I am not sure what we were talking about but suddenly, one mother lowered her voice to a whisper and said something like “that’s what a black person would do.” Before I could even think at all, I said “Well, gotta get going, I’ll see you ladies later!” And turned and left. Just like that. It was a gut thing. I just reacted. I didn’t like what I heard, I was offended, and I bolted.

I will admit right here, that has not always been my reaction either. In the past, I have ignored statements like this but carried on the conversation like nothing happened. Or changed the subject. Or tried to find an out for my friend – surely they didn’t mean it the way it sounded – and have allowed them to use the famous disclaimer “not that I am racist or anything”. I have never been proud of myself in retrospect – where I try to smooth over and actually normalize the moment. I may as well have said it myself.

This time I couldn’t ignore it. But I didn’t say anything either. I didn’t say ” I found that remark offensive.” I just bolted. I guess the message may have come across that I didn’t like what she said.
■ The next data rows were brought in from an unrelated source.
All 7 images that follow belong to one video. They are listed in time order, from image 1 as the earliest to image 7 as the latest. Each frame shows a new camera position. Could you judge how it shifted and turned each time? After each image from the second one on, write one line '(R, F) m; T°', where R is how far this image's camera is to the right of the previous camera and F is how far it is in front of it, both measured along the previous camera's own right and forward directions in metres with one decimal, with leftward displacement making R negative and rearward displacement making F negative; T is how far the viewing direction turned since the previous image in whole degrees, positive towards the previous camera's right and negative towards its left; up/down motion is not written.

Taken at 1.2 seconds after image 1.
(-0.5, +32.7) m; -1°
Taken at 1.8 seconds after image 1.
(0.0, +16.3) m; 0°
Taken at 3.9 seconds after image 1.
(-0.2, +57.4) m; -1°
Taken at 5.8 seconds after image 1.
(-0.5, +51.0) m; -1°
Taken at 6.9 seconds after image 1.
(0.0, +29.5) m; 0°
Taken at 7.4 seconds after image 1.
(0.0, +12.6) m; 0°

Or it could have come across that I just had to go. I dunno. I am not sure how I feel about my reaction and I can’t stop thinking back about it.

Moment #2

We went to Busch Gardens this weekend. We have “fun passes” and go fairly often. Theme parks are to Florida what the Smithsonian is to Washington D.C. We take for granted what people travel for miles with families to see and do.

Anyway, my 5 yo son T. and I were in line for the Flume. You know which ride this is – the log ride – with the big drop at the end where we get all wet. T. is dying to be old enough for roller coasters and this was his first time on a ride with a big drop. So we were really excited – giggling and chatting, we were all wound up about it.
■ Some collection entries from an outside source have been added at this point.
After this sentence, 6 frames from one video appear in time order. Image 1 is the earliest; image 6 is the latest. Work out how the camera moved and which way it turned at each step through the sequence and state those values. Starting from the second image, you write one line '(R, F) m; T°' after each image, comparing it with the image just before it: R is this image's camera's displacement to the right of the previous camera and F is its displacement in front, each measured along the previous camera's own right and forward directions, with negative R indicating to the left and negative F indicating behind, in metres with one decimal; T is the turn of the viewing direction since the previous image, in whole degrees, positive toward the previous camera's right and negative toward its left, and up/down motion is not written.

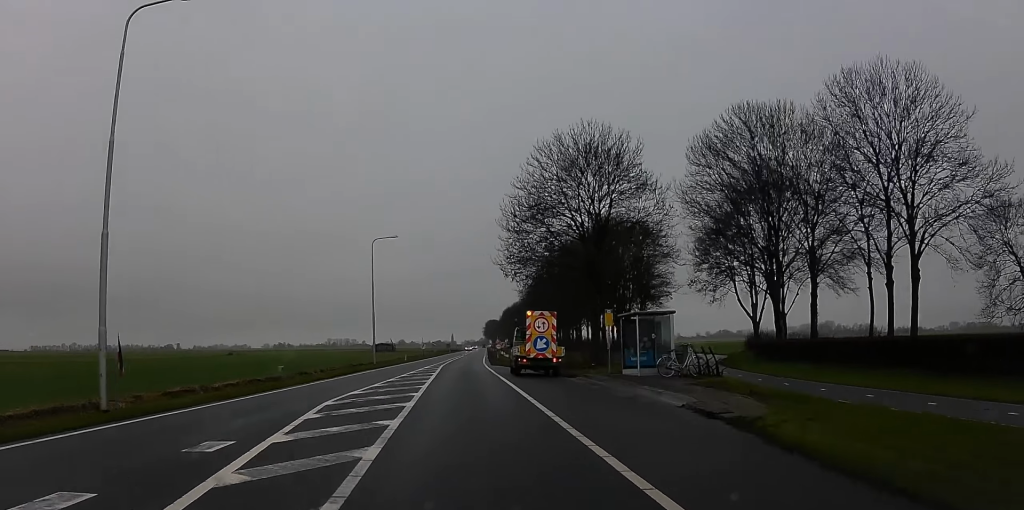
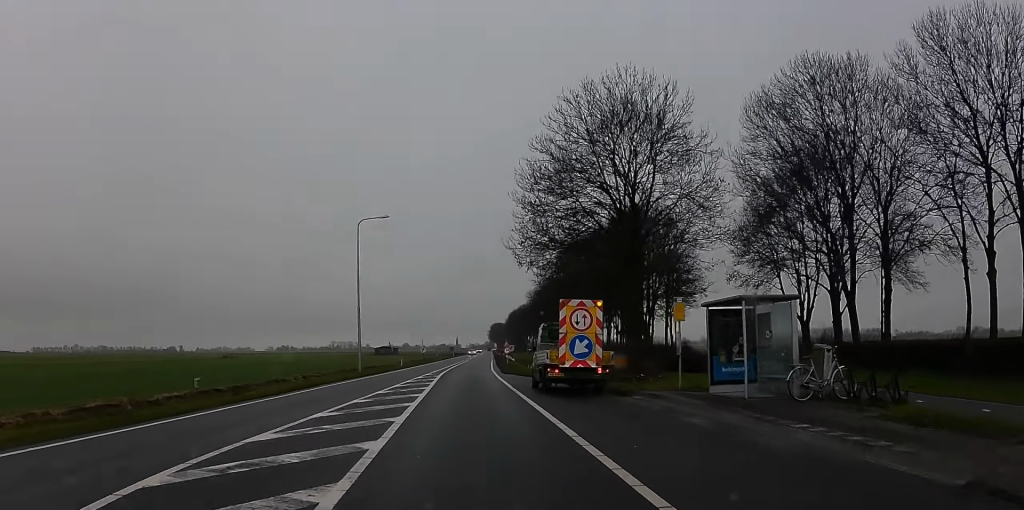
(-0.1, +10.4) m; -2°
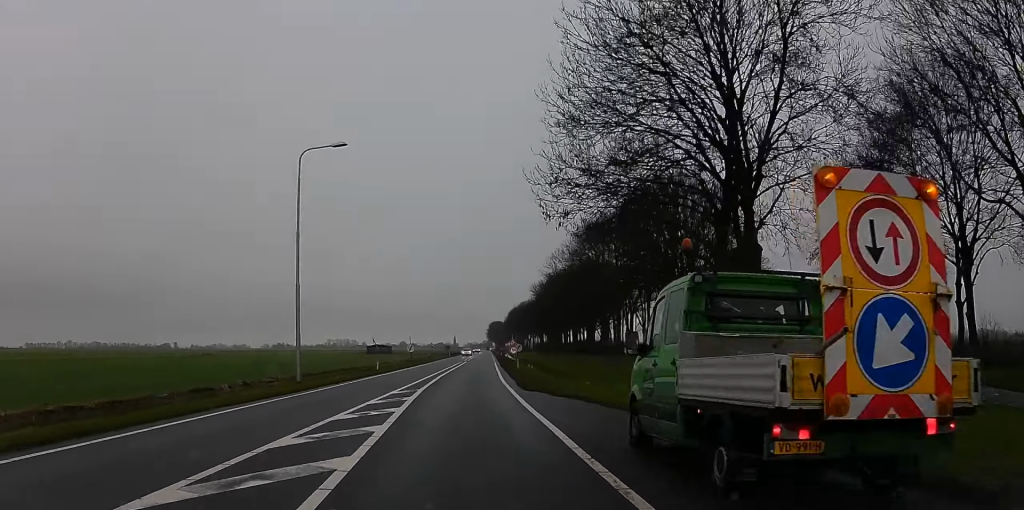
(-0.4, +16.8) m; 0°
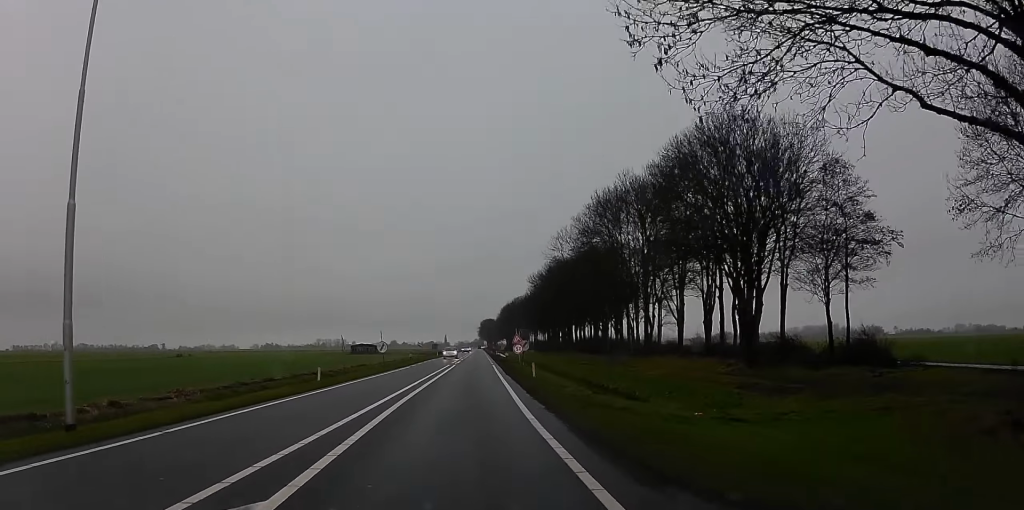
(+0.7, +18.0) m; +1°
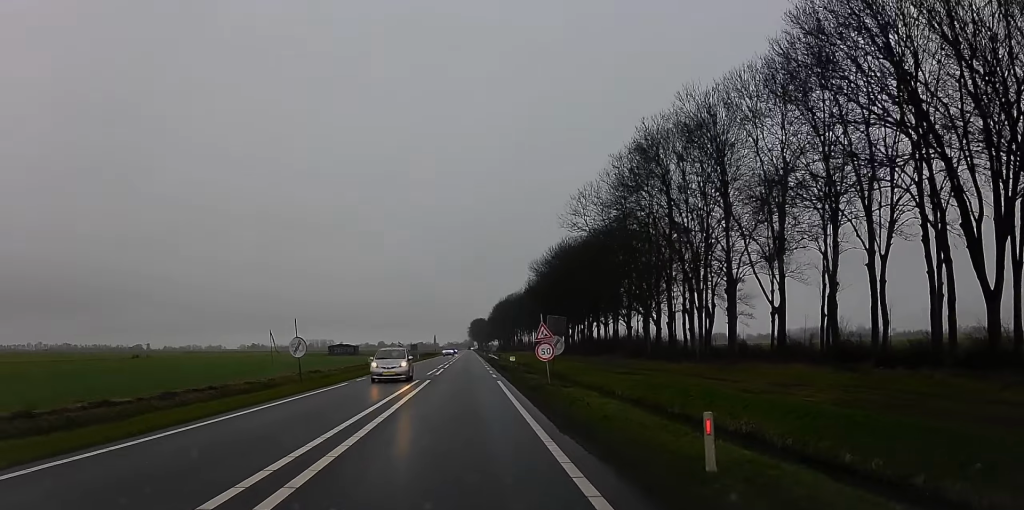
(-1.1, +25.7) m; 0°
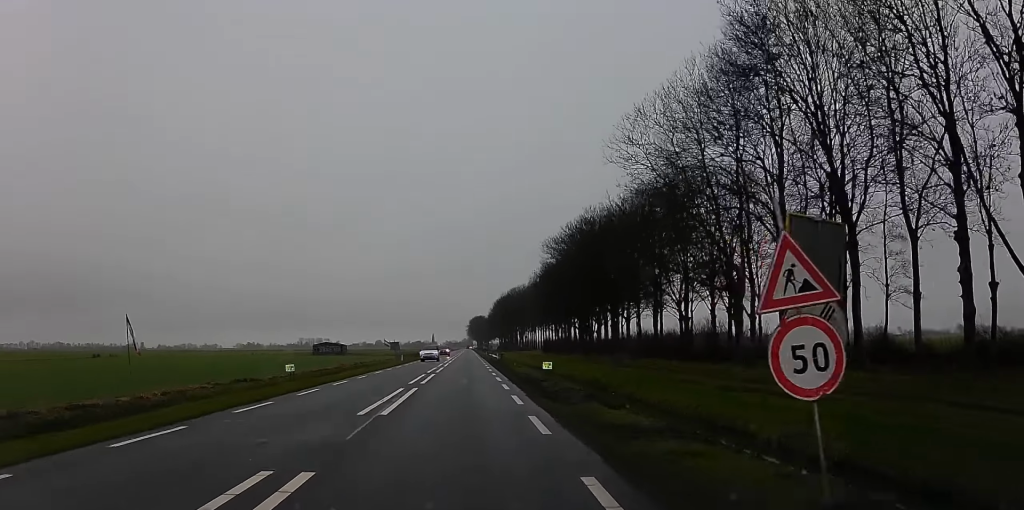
(+1.9, +23.9) m; +5°

As we were only a few people away from jumping onto our own log, I heard a violent thump from behind me. I turned and saw a woman, slumped back in her husbands arms, eyes rolled up in her head, and an enormous gash – maybe 6 inches across – on her forehead. She had fainted and hit her head on the stairs. Blood was everywhere. We yelled for help, the Busch Gardens attendants were unsure – radioing managers, grabbing paper towels, running, whispering, clueless. I saw the hands of the girl with the paper towels, she was shaking.

Since we were ahead of the woman who fainted, they ushered us onto the flume and off we went. My heart in my stomach: for T. who had never done this before and for this woman, and all the blood, and the moment she was in.

After an exhilarating splashdown, squeals of delight and “let’s do it agains” from T., we pulled back around to get off our ride. I then heard the announcement that the Flume would be closed due to “technical difficulties”. I stepped off and carefully helped T. off too.

And thats when I saw the two boys. They were maybe four and seven. They were huddled together on the stairs, quite a few feet away from the woman lying on the ground. Obviously, they were her sons. They were crying quietly, the older boy had his arms around the younger boy; now and then he would pat his cheek or rock him gently. Like Hansel and Gretel, holding onto to one another, in utter shock, their world had just turned upside down.

I looked to see who was helping them. No one. Their father was too consumed with helping his wife and talking to the paramedics arriving on the scene.

And we were being pushed along and asked to exit on the right.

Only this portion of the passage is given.